» The problem
Word for word, write out all the entries below, omitting every picture.

» Data excerpts
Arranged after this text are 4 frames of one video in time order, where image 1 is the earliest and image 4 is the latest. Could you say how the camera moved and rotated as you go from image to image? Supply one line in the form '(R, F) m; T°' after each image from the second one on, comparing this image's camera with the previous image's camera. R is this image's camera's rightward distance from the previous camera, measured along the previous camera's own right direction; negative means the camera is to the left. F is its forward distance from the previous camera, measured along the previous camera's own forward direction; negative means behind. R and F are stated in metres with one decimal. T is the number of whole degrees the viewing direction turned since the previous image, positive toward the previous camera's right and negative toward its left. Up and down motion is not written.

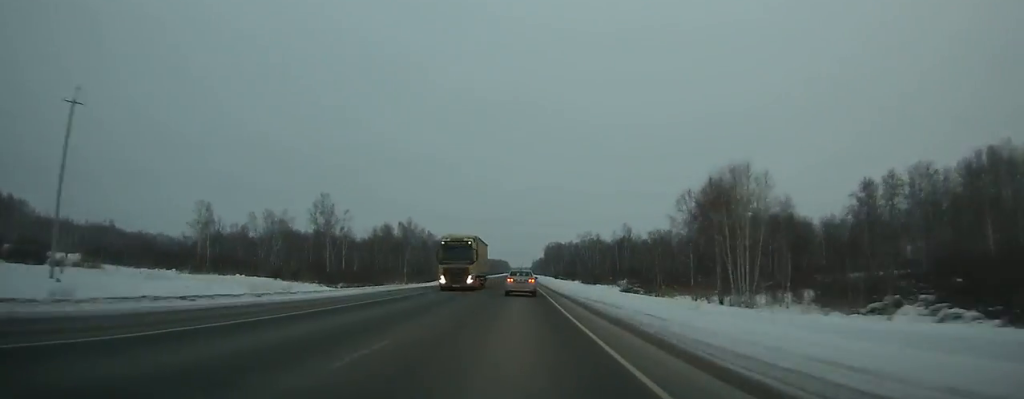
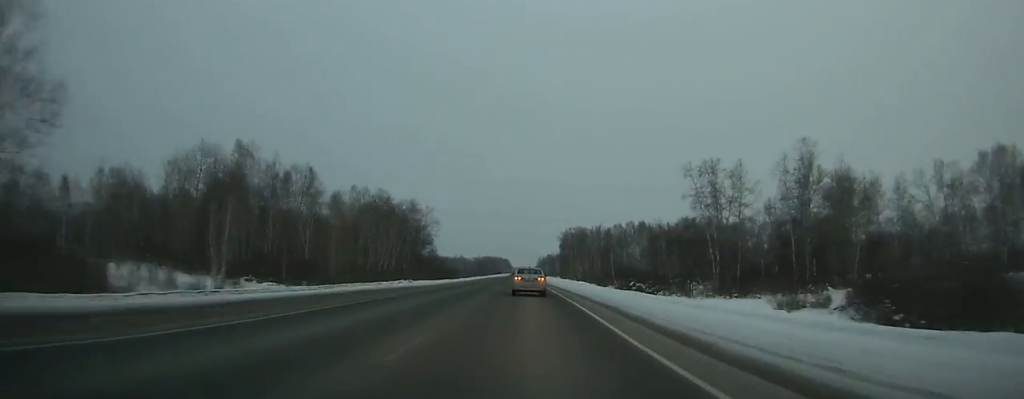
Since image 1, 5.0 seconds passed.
(+0.2, +128.8) m; 0°
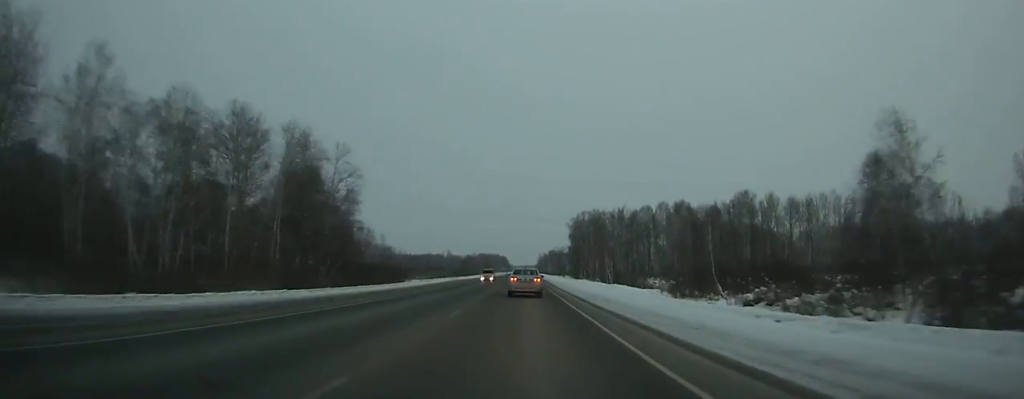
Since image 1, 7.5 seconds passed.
(+0.1, +63.1) m; 0°
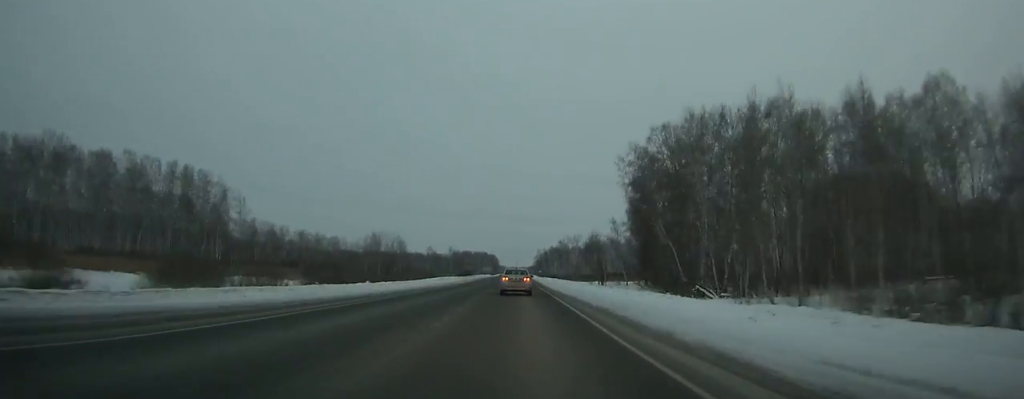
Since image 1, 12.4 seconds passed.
(+0.2, +120.5) m; 0°

» Result for this exercise
Arranged after this text are 4 frames of one video in time order, where image 1 is the earliest and image 4 is the latest. Could you say how the camera moved and rotated as you go from image to image? Supply one line in the form '(R, F) m; T°' after each image from the second one on, comparing this image's camera with the previous image's camera. R is this image's camera's rightward distance from the previous camera, measured along the previous camera's own right direction; negative means the camera is to the left. F is its forward distance from the previous camera, measured along the previous camera's own forward direction; negative means behind. R and F are stated in metres with one decimal. T is the number of whole degrees the viewing direction turned since the previous image, positive toward the previous camera's right and negative toward its left. Up and down motion is not written.

Since image 1, 5.0 seconds passed.
(+0.2, +128.8) m; 0°
Since image 1, 7.5 seconds passed.
(+0.1, +63.1) m; 0°
Since image 1, 12.4 seconds passed.
(+0.2, +120.5) m; 0°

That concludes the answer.